Après Phil Jackson, Michael Jordan, Larry Bird, Magic Johnson, Allen Iverson et la « Dream Team », nous vous proposons de nous attaquer à un autre monument : Kobe Bryant, quintuple champion NBA qui a pris sa retraite il y a trois ans et qui attend toujours que les Lakers lui donnent un successeur.
Ce livre, « Showboat », est signé Roland Lazenby, l’auteur qui a rédigé la biographie fleuve de Michael Jordan.
Bonne lecture !
Première partie – Deuxième partie – Troisième partie – Quatrième partie – Cinquième partie
A cette époque-là, les équipes devaient soumettre une offre de contrat à leurs choix de draft au plus tard début septembre. Si elles ne remplissaient pas cette obligation, elles perdaient leurs droits sur le choix de draft en question et le joueur était autorisé à devenir agent libre.
« Si vous n’envoyiez pas de contrat, vous perdiez automatiquement vos droits, m’a rappelé Pat Williams, qui était le general manager des Philadelphie 76ers à l’époque. Vous perdiez le joueur. Et donc, un jour, je reçois un appel de Richie Phillips, un ancien substitut du procureur de Philadelphie qui représentait des athlètes ainsi que le syndicat des arbitres de la Major League Baseball. Richie et moi étions amis. Il était l’agent de Jelly Bean. »
Phillips a parlé à Williams de cette règle du contrat et il lui a dit qu’ils n’avaient aucun retour des Golden State Warriors. Williams était stupéfait. Perdre les droits d’un premier tour de draft était une bourde monumentale. Franklin Mieuli, le propriétaire des Warriors – qui avaient déménagé de Philadelphie, pour s’installer en Californie, en 1962 -, entretenait d’étroites relations avec les propriétaires des Sixers.

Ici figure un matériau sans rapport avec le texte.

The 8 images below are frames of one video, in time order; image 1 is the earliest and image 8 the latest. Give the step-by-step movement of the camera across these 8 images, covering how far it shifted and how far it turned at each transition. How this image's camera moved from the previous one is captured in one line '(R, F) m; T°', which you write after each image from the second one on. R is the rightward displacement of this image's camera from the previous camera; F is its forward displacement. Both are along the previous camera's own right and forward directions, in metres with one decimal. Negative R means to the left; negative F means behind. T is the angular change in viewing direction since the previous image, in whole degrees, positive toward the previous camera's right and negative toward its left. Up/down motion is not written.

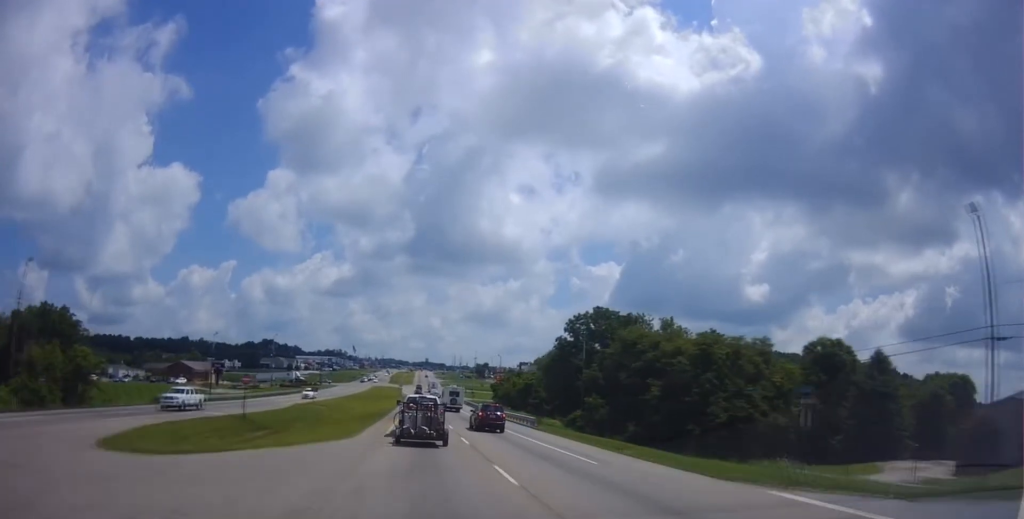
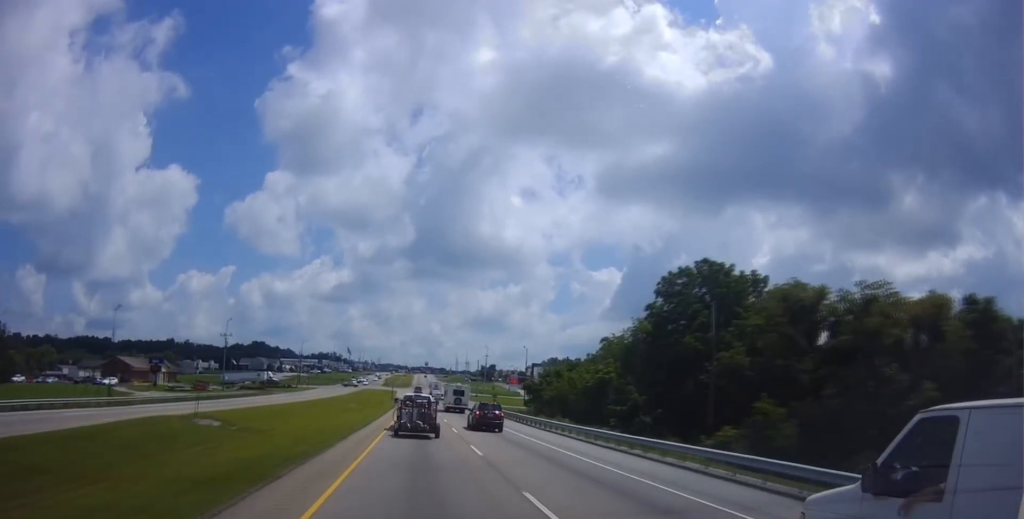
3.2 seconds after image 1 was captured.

Williams savait que les Sixers ne voudraient pas embarrasser Mieuli, donc il a suggéré d’attendre quelques jours que le contrat arrive.
Les Sixers hésitent à poignarder les Warriors
Quelques jours plus tard, Phillips a de nouveau appelé Williams et il lui a dit qu’ils n’avaient toujours pas de contrat. Phillips avait également approché les New York Knicks, qui étaient vivement intéressés. Williams a pris contact avec le propriétaire des Sixers Irv Kosloff et lui a présenté la situation : aucune offre n’était venue du general manager des Warriors, Dick Vertlieb. « Holala, j’ai pas envie de faire ça à Franklin… », a dit Kosloff à Williams qui lui a répondu : « Eh bien, quelqu’un va le prendre, Kos, quelqu’un va bien finir par prendre Joe Bryant… C’est un sacré bon jeune. Tu sais qu’il veut signer avec nous et rester à Philadelphie. »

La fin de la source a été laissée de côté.